Copy out the listing below so that each line matches exactly.

• DATASET EXCERPT:
--
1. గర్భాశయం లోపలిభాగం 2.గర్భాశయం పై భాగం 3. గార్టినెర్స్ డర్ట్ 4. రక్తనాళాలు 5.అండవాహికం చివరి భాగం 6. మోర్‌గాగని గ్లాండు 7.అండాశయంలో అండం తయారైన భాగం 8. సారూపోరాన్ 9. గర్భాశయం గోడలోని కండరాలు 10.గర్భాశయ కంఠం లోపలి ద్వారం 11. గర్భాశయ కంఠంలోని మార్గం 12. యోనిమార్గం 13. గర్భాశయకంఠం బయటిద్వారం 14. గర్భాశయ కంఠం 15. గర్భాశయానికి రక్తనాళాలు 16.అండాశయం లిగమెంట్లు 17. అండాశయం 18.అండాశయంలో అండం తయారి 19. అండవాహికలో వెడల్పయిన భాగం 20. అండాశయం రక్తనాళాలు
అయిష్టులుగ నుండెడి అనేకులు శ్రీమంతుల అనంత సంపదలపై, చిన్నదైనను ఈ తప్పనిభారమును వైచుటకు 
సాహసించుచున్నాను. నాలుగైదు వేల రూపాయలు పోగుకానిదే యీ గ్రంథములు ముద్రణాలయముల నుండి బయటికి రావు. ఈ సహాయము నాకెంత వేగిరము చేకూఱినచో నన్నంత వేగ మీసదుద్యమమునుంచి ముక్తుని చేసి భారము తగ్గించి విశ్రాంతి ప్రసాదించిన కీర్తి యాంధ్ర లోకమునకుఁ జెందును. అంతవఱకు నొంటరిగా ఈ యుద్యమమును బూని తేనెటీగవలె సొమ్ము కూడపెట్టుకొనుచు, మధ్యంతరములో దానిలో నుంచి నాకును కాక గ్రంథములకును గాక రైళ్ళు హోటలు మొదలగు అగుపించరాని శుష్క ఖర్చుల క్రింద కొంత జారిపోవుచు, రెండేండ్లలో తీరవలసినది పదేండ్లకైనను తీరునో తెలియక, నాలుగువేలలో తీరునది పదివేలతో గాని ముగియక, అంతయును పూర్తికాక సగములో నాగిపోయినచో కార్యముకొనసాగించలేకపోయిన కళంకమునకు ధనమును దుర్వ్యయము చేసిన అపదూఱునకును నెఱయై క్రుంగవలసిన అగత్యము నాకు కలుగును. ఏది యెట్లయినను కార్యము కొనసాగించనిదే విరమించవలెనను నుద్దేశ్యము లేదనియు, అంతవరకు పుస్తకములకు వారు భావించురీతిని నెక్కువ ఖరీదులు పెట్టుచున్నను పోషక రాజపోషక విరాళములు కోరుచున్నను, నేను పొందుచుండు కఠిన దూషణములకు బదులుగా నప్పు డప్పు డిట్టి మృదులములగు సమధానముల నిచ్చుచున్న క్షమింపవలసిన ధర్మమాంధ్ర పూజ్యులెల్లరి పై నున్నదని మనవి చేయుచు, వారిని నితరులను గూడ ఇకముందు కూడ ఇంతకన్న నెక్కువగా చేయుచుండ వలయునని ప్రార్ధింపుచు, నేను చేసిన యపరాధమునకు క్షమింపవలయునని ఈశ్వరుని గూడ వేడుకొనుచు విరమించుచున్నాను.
--
• RESPONSE TO THE EXERCISE:
1. గర్భాశయం లోపలిభాగం 2.గర్భాశయం పై భాగం 3. గార్టినెర్స్ డర్ట్ 4. రక్తనాళాలు 5.అండవాహికం చివరి భాగం 6. మోర్‌గాగని గ్లాండు 7.అండాశయంలో అండం తయారైన భాగం 8. సారూపోరాన్ 9. గర్భాశయం గోడలోని కండరాలు 10.గర్భాశయ కంఠం లోపలి ద్వారం 11. గర్భాశయ కంఠంలోని మార్గం 12. యోనిమార్గం 13. గర్భాశయకంఠం బయటిద్వారం 14. గర్భాశయ కంఠం 15. గర్భాశయానికి రక్తనాళాలు 16.అండాశయం లిగమెంట్లు 17. అండాశయం 18.అండాశయంలో అండం తయారి 19. అండవాహికలో వెడల్పయిన భాగం 20. అండాశయం రక్తనాళాలు
అయిష్టులుగ నుండెడి అనేకులు శ్రీమంతుల అనంత సంపదలపై, చిన్నదైనను ఈ తప్పనిభారమును వైచుటకు 
సాహసించుచున్నాను. నాలుగైదు వేల రూపాయలు పోగుకానిదే యీ గ్రంథములు ముద్రణాలయముల నుండి బయటికి రావు. ఈ సహాయము నాకెంత వేగిరము చేకూఱినచో నన్నంత వేగ మీసదుద్యమమునుంచి ముక్తుని చేసి భారము తగ్గించి విశ్రాంతి ప్రసాదించిన కీర్తి యాంధ్ర లోకమునకుఁ జెందును. అంతవఱకు నొంటరిగా ఈ యుద్యమమును బూని తేనెటీగవలె సొమ్ము కూడపెట్టుకొనుచు, మధ్యంతరములో దానిలో నుంచి నాకును కాక గ్రంథములకును గాక రైళ్ళు హోటలు మొదలగు అగుపించరాని శుష్క ఖర్చుల క్రింద కొంత జారిపోవుచు, రెండేండ్లలో తీరవలసినది పదేండ్లకైనను తీరునో తెలియక, నాలుగువేలలో తీరునది పదివేలతో గాని ముగియక, అంతయును పూర్తికాక సగములో నాగిపోయినచో కార్యముకొనసాగించలేకపోయిన కళంకమునకు ధనమును దుర్వ్యయము చేసిన అపదూఱునకును నెఱయై క్రుంగవలసిన అగత్యము నాకు కలుగును. ఏది యెట్లయినను కార్యము కొనసాగించనిదే విరమించవలెనను నుద్దేశ్యము లేదనియు, అంతవరకు పుస్తకములకు వారు భావించురీతిని నెక్కువ ఖరీదులు పెట్టుచున్నను పోషక రాజపోషక విరాళములు కోరుచున్నను, నేను పొందుచుండు కఠిన దూషణములకు బదులుగా నప్పు డప్పు డిట్టి మృదులములగు సమధానముల నిచ్చుచున్న క్షమింపవలసిన ధర్మమాంధ్ర పూజ్యులెల్లరి పై నున్నదని మనవి చేయుచు, వారిని నితరులను గూడ ఇకముందు కూడ ఇంతకన్న నెక్కువగా చేయుచుండ వలయునని ప్రార్ధింపుచు, నేను చేసిన యపరాధమునకు క్షమింపవలయునని ఈశ్వరుని గూడ వేడుకొనుచు విరమించుచున్నాను.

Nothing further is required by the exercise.